Most, I noted with pleasure, remembered to speak of her by name, and as I listened I realised that Akhor was right— she was truly the Wind of Change. For many, the anger that Lanen had stirred up in them had been transmuted all in a moment to shame at her words, at their realisation that perhaps the Kindred had been unfair to the Gedri through the ages. She had touched a deep truth and most of our people were responding, despite the threat of a demonaided thief from among her people, for which she could hardly be held responsible. Few save the eldest spoke now of death or exile; I even heard in passing a suggestion that she be honoured as a teacher. I allowed myself a secret smile as I escorted Rishkaan into Akhor's torchlit chambers. Akhor would have so much joy at least.

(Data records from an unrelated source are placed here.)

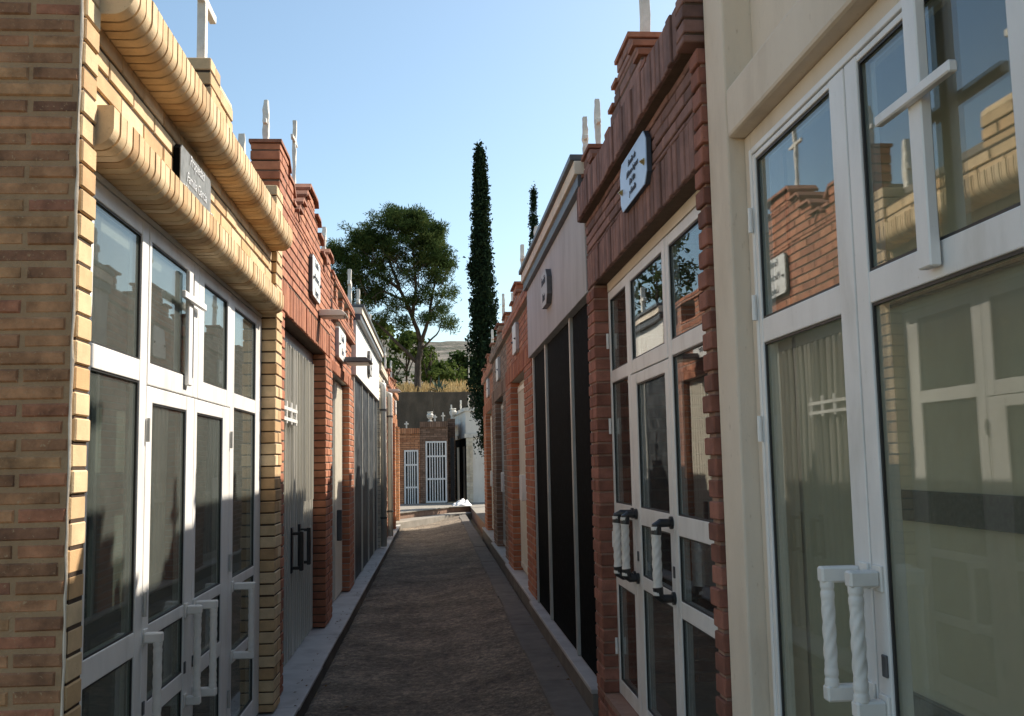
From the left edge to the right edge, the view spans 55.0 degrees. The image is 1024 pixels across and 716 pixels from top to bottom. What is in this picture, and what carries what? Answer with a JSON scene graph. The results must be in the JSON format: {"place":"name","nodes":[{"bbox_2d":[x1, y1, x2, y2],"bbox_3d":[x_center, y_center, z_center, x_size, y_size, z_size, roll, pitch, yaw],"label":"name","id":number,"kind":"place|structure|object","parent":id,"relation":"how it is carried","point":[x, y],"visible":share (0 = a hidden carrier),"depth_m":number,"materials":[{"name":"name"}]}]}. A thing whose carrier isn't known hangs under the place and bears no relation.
{"place":"outdoors","nodes":[
{"label":"outdoors","id":0,"kind":"place"},
{"bbox_2d":[315,501,482,696],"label":"ground","id":1,"kind":"structure","parent":0,"point":[476,528],"depth_m":24.95,"materials":[{"name":"grey concrete"}]},
{"bbox_2d":[256,525,399,715],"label":"kerb","id":2,"kind":"structure","parent":1,"relation":"on","point":[300,665],"depth_m":8.30,"materials":[{"name":"concrete"}]},
{"bbox_2d":[0,0,291,715],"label":"yellow brick chapel","id":3,"kind":"structure","parent":2,"relation":"on","point":[145,235],"depth_m":3.74,"materials":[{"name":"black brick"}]},
{"bbox_2d":[79,180,148,715],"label":"window","id":4,"kind":"structure","parent":3,"relation":"in","point":[123,650],"depth_m":3.61,"materials":[{"name":"white metal"}]},
{"bbox_2d":[140,386,202,715],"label":"door","id":5,"kind":"structure","parent":3,"relation":"in","point":[175,688],"depth_m":4.26,"materials":[{"name":"white metal"}]},
{"bbox_2d":[189,399,232,715],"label":"door","id":6,"kind":"structure","parent":3,"relation":"in","point":[214,597],"depth_m":5.03,"materials":[{"name":"white metal"}]},
{"bbox_2d":[226,294,261,715],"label":"window","id":7,"kind":"structure","parent":3,"relation":"in","point":[246,647],"depth_m":5.93,"materials":[{"name":"white metal"}]},
{"bbox_2d":[249,100,335,695],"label":"red brick chapel","id":8,"kind":"structure","parent":2,"relation":"on","point":[305,545],"depth_m":8.28,"materials":[{"name":"brick"}]},
{"bbox_2d":[282,342,303,666],"bbox_3d":[-1.706,1.083,7.396,0.150,2.475,1.280,-1,-6,-5],"label":"door","id":9,"kind":"structure","parent":8,"relation":"in","point":[289,410],"depth_m":7.75,"materials":[{"name":"silver metal"}]},
{"bbox_2d":[293,349,313,653],"bbox_3d":[-1.809,1.223,8.694,0.150,2.475,1.320,-1,-6,-5],"label":"door","id":10,"kind":"structure","parent":8,"relation":"in","point":[303,478],"depth_m":8.56,"materials":[{"name":"silver metal"}]},
{"bbox_2d":[319,309,347,318],"bbox_3d":[-1.634,-0.398,9.014,0.248,0.070,0.200,-1,-6,-5],"label":"wall lamp","id":11,"kind":"object","parent":8,"relation":"attached to","point":[331,314],"visible":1,"depth_m":8.92,"materials":[{"name":"beige metal"}]},
{"bbox_2d":[330,269,354,617],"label":"red brick chapel","id":12,"kind":"structure","parent":2,"relation":"on","point":[342,335],"depth_m":11.63,"materials":[{"name":"brick"}]},
{"bbox_2d":[332,380,341,600],"bbox_3d":[-2.053,1.527,11.530,0.160,2.480,0.885,-1,-6,-5],"label":"door","id":13,"kind":"structure","parent":12,"relation":"in","point":[336,388],"depth_m":11.25,"materials":[{"name":"beige metal"}]},
{"bbox_2d":[345,357,372,365],"bbox_3d":[-1.781,0.040,11.457,0.297,0.070,0.400,-1,-6,-5],"label":"wall lamp","id":14,"kind":"object","parent":12,"relation":"attached to","point":[357,361],"visible":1,"depth_m":11.27,"materials":[{"name":"metal"}]},
{"bbox_2d":[347,269,384,582],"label":"white chapel","id":15,"kind":"structure","parent":2,"relation":"on","point":[368,345],"depth_m":14.69,"materials":[{"name":"paint"}]},
{"bbox_2d":[377,362,387,547],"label":"cream brick chapel","id":16,"kind":"structure","parent":2,"relation":"on","point":[383,376],"depth_m":18.15,"materials":[{"name":"brick"}]},
{"bbox_2d":[379,381,386,546],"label":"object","id":17,"kind":"object","parent":16,"relation":"attached to","point":[383,410],"visible":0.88,"depth_m":18.11,"materials":[{"name":"plastic"}]},
{"bbox_2d":[384,348,393,536],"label":"red brick chapel","id":18,"kind":"structure","parent":2,"relation":"on","point":[388,383],"depth_m":21.02,"materials":[{"name":"ceramic"}]},
{"bbox_2d":[386,391,393,536],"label":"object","id":19,"kind":"object","parent":18,"relation":"attached to","point":[390,510],"visible":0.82,"depth_m":20.63,"materials":[{"name":"plastic"}]},
{"bbox_2d":[388,389,400,392],"bbox_3d":[-2.549,0.716,21.362,0.277,0.070,0.300,-1,-6,-5],"label":"wall lamp","id":20,"kind":"object","parent":18,"relation":"attached to","point":[394,390],"visible":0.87,"depth_m":21.22,"materials":[{"name":"grey metal"}]},
{"bbox_2d":[390,361,399,528],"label":"orange brick chapel","id":21,"kind":"structure","parent":2,"relation":"on","point":[396,481],"depth_m":24.98,"materials":[{"name":"ceramic"}]},
{"bbox_2d":[396,392,476,500],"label":"retaining wall","id":22,"kind":"structure","parent":1,"relation":"on","point":[413,409],"depth_m":43.87,"materials":[{"name":"concrete"}]},
{"bbox_2d":[447,405,455,501],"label":"brown chapel","id":23,"kind":"structure","parent":1,"relation":"on","point":[452,459],"depth_m":33.96,"materials":[{"name":"brick"}]},
{"bbox_2d":[450,438,454,501],"bbox_3d":[-2.054,3.851,33.957,0.130,2.200,0.060,-1,-6,-5],"label":"door","id":24,"kind":"structure","parent":23,"relation":"in","point":[451,439],"depth_m":33.93,"materials":[{"name":"metal"}]},
{"bbox_2d":[449,408,456,418],"bbox_3d":[-2.070,1.962,34.533,0.261,0.378,0.261,-1,-6,-5],"label":"urn","id":25,"kind":"object","parent":23,"relation":"on","point":[454,412],"visible":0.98,"depth_m":34.45,"materials":[{"name":"white stone"}]},
{"bbox_2d":[454,395,484,502],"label":"white chapel","id":26,"kind":"structure","parent":1,"relation":"on","point":[470,479],"depth_m":33.14,"materials":[{"name":"beige paint"}]},
{"bbox_2d":[459,514,593,715],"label":"gutter","id":27,"kind":"object","parent":1,"relation":"on","point":[563,696],"visible":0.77,"depth_m":8.03,"materials":[{"name":"concrete"}]},
{"bbox_2d":[482,527,598,715],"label":"kerb","id":28,"kind":"structure","parent":1,"relation":"on","point":[580,673],"depth_m":8.03,"materials":[{"name":"concrete"}]},
{"bbox_2d":[481,329,494,536],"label":"red brick chapel","id":29,"kind":"structure","parent":28,"relation":"on","point":[487,380],"depth_m":19.89,"materials":[{"name":"brick"}]},
{"bbox_2d":[491,471,492,485],"bbox_3d":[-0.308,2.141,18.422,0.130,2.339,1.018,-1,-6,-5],"label":"door handle","id":30,"kind":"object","parent":29,"relation":"in","point":[491,471],"depth_m":18.79,"materials":[{"name":"beige metal"}]},
{"bbox_2d":[490,415,493,528],"bbox_3d":[-0.388,2.250,19.439,0.130,2.339,1.018,-1,-6,-5],"label":"door","id":31,"kind":"structure","parent":29,"relation":"in","point":[491,415],"depth_m":19.71,"materials":[{"name":"beige metal"}]},
{"bbox_2d":[489,294,508,559],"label":"brown brick chapel","id":32,"kind":"structure","parent":28,"relation":"on","point":[498,358],"depth_m":15.95,"materials":[{"name":"brick"}]},
{"bbox_2d":[502,472,504,491],"bbox_3d":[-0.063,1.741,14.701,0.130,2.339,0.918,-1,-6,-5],"label":"door handle","id":33,"kind":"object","parent":32,"relation":"in","point":[503,475],"depth_m":15.02,"materials":[{"name":"grey metal"}]},
{"bbox_2d":[501,402,505,546],"bbox_3d":[-0.136,1.840,15.619,0.130,2.339,0.918,-1,-6,-5],"label":"door","id":34,"kind":"structure","parent":32,"relation":"in","point":[502,427],"depth_m":15.82,"materials":[{"name":"grey metal"}]},
{"bbox_2d":[502,244,536,599],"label":"red brick chapel","id":35,"kind":"structure","parent":28,"relation":"on","point":[520,467],"depth_m":11.87,"materials":[{"name":"brick"}]},
{"bbox_2d":[518,379,527,574],"bbox_3d":[0.122,1.444,12.037,0.130,2.359,0.943,-1,-6,-5],"label":"door","id":36,"kind":"structure","parent":35,"relation":"in","point":[521,411],"depth_m":12.06,"materials":[{"name":"beige metal"}]},
{"bbox_2d":[521,475,526,500],"bbox_3d":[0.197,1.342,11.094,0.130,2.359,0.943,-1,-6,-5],"label":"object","id":37,"kind":"structure","parent":35,"relation":"in","point":[523,477],"depth_m":11.43,"materials":[{"name":"beige metal"}]},
{"bbox_2d":[519,116,597,675],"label":"pale chapel","id":38,"kind":"structure","parent":28,"relation":"on","point":[553,271],"depth_m":7.42,"materials":[{"name":"glass"}]},
{"bbox_2d":[576,0,732,715],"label":"dark brick chapel","id":39,"kind":"structure","parent":1,"relation":"on","point":[644,207],"depth_m":4.99,"materials":[{"name":"ceramic"}]},
{"bbox_2d":[606,275,641,715],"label":"window","id":40,"kind":"structure","parent":39,"relation":"in","point":[618,374],"depth_m":5.57,"materials":[{"name":"white metal"}]},
{"bbox_2d":[620,359,681,715],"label":"door","id":41,"kind":"structure","parent":39,"relation":"in","point":[650,584],"depth_m":4.92,"materials":[{"name":"white metal"}]},
{"bbox_2d":[664,208,717,715],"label":"window","id":42,"kind":"structure","parent":39,"relation":"in","point":[695,529],"depth_m":4.20,"materials":[{"name":"white metal"}]},
{"bbox_2d":[703,0,1023,715],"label":"cream chapel","id":43,"kind":"structure","parent":1,"relation":"on","point":[866,157],"depth_m":2.70,"materials":[{"name":"beige concrete"}]},
{"bbox_2d":[747,69,879,715],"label":"door","id":44,"kind":"structure","parent":43,"relation":"in","point":[838,302],"depth_m":2.63,"materials":[{"name":"white metal"}]},
{"bbox_2d":[844,0,1023,715],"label":"door","id":45,"kind":"structure","parent":43,"relation":"in","point":[997,238],"depth_m":2.25,"materials":[{"name":"white metal"}]},
{"bbox_2d":[152,0,676,341],"label":"sky","id":46,"kind":"structure","parent":0,"point":[390,101],"materials":[{"name":"blue"}]},
{"bbox_2d":[380,339,474,415],"bbox_3d":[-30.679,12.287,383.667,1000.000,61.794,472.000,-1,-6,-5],"label":"hill","id":47,"kind":"structure","parent":0,"point":[444,348],"depth_m":302.16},
{"bbox_2d":[304,516,553,715],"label":"alley pavement","id":48,"kind":"structure","parent":0,"point":[430,632],"depth_m":8.63,"materials":[{"name":"grey asphalt"}]},
{"bbox_2d":[293,551,570,706],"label":"leaf litter","id":49,"kind":"object","parent":48,"relation":"on","point":[370,606],"visible":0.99,"depth_m":8.28,"materials":[{"name":"brown plant"}]},
{"bbox_2d":[395,378,476,391],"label":"dry grass","id":50,"kind":"structure","parent":0,"point":[411,387],"depth_m":45.73,"materials":[{"name":"yellow plant"}]},
{"bbox_2d":[321,202,462,391],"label":"pine tree","id":51,"kind":"object","parent":50,"relation":"on","point":[416,229],"visible":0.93,"depth_m":45.57,"materials":[{"name":"green plant"}]},
{"bbox_2d":[396,502,484,533],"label":"end pavement","id":52,"kind":"structure","parent":0,"point":[413,515],"depth_m":28.16,"materials":[{"name":"concrete"}]},
{"bbox_2d":[399,422,419,503],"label":"orange brick chapel","id":53,"kind":"structure","parent":52,"relation":"on","point":[409,449],"depth_m":32.70,"materials":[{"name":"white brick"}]},
{"bbox_2d":[420,413,447,503],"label":"brown brick chapel","id":54,"kind":"structure","parent":52,"relation":"on","point":[434,461],"depth_m":32.81,"materials":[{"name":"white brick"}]},
{"bbox_2d":[427,412,432,420],"bbox_3d":[-2.762,1.982,33.164,0.232,0.336,0.232,-1,-6,-5],"label":"urn","id":55,"kind":"object","parent":54,"relation":"on","point":[429,415],"visible":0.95,"depth_m":33.09,"materials":[{"name":"white stone"}]},
{"bbox_2d":[463,140,500,456],"bbox_3d":[-0.775,-1.173,30.351,1.503,11.516,1.431,-1,-6,-5],"label":"cypress tree","id":56,"kind":"object","parent":52,"relation":"on","point":[483,312],"visible":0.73,"depth_m":30.23,"materials":[{"name":"green plant"}]},
{"bbox_2d":[452,498,471,505],"bbox_3d":[-1.554,4.476,30.570,0.600,0.212,0.900,-1,-6,-5],"label":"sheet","id":57,"kind":"object","parent":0,"point":[462,502],"visible":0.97,"depth_m":30.32,"materials":[{"name":"fabric"}]},
{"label":"bank","id":58,"kind":"structure","parent":0,"visible":0},
{"bbox_2d":[371,315,398,366],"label":"broadleaf tree","id":59,"kind":"object","parent":58,"relation":"on","point":[382,335],"visible":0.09,"depth_m":56.92,"materials":[{"name":"green plant"}]},
{"bbox_2d":[383,356,409,385],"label":"shrub","id":60,"kind":"object","parent":58,"relation":"on","point":[400,379],"visible":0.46,"depth_m":47.24,"materials":[{"name":"green plant"}]},
{"bbox_2d":[386,330,439,382],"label":"broadleaf tree","id":61,"kind":"object","parent":58,"relation":"on","point":[408,340],"visible":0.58,"depth_m":59.88,"materials":[{"name":"green plant"}]},
{"bbox_2d":[421,351,438,385],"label":"shrub","id":62,"kind":"object","parent":58,"relation":"on","point":[430,371],"visible":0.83,"depth_m":47.19,"materials":[{"name":"green plant"}]},
{"bbox_2d":[409,358,466,383],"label":"broadleaf tree","id":63,"kind":"object","parent":58,"relation":"on","point":[444,372],"visible":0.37,"depth_m":61.56,"materials":[{"name":"green plant"}]},
{"bbox_2d":[427,377,449,391],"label":"agave","id":64,"kind":"object","parent":58,"relation":"on","point":[439,384],"visible":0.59,"depth_m":45.20,"materials":[{"name":"green plant"}]},
{"bbox_2d":[443,350,481,381],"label":"broadleaf tree","id":65,"kind":"object","parent":58,"relation":"on","point":[458,356],"visible":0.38,"depth_m":63.78,"materials":[{"name":"green plant"}]},
{"bbox_2d":[527,181,538,249],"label":"cypress tree","id":66,"kind":"object","parent":58,"relation":"on","point":[533,221],"visible":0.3,"depth_m":46.65,"materials":[{"name":"green plant"}]}
]}

No sooner were we inside, however, than Rishkaan spoke his frustration. ''Hadreshikrar, I obey our King, but in truth I do not know why I must be held here. I have seen what I have seen, and spoken truth in Council. Are my Weh dreams worth less than those of Akhor?''
"No, Rishkaan, of course not," I said sadly, "but you have attacked Lanen, the Gedri child, while still she addressed the Council, and that action has yet to be considered. She is not a Raksha to be killed on sight."
"I tell you she is the end of our world! I have seen it!" he cried.
"Calm yourself, old friend," I said gently. "I heard you both in Council. But I do not understand how both could be true. Akhor saw our people's salvation arising from his joining with Lanen, he told us the Winds spoke with him and said as much. How should I believe such communion false?"
"Perhaps he did not tell the whole truth," growled Rishkaan. "You well know that our Kindred are not above stretching the truth if it suits their need."
I bowed. ''True enough. Akhor concealed his twilight meeting with Lanen from me, he has admitted it. But Rishkaan, did his words in Council not strike you as those of one who has done with conceal? And why should he invent so clumsy a lie? If he sought to justify his actions, surely the voice of the Winds would be more use to him ere ever he and Lanen were joined. What good does that good word do him afterwards? No, to me it has the ring of truth. And—forgive me if I am blunt—how could there possibly be a mingling of the blood of Kantri and Gedri? I agree, it is a thought to sicken the mind, but surely it is beyond possibility. It is as if you asked us to beware the offspring of a bull and a butterfly."
"Fool!" cried Rishkaan. "I tell you I have seen it! She had our form, Shikrar, she was one of us! And her children I saw in terrible guise, half-Gedri, half-Kantri, caught between in a black hour, changing from one to the other. The sky was filled with hideous forms, the world was aflame with Raksha-fire, and because of her there was no Akhor to stand between the Lords of Hell and the last defenders of Kolmar." He bowed his head and did not speak for some time. "Ah, Hadreshikrar, I grow old before my time," he said sadly.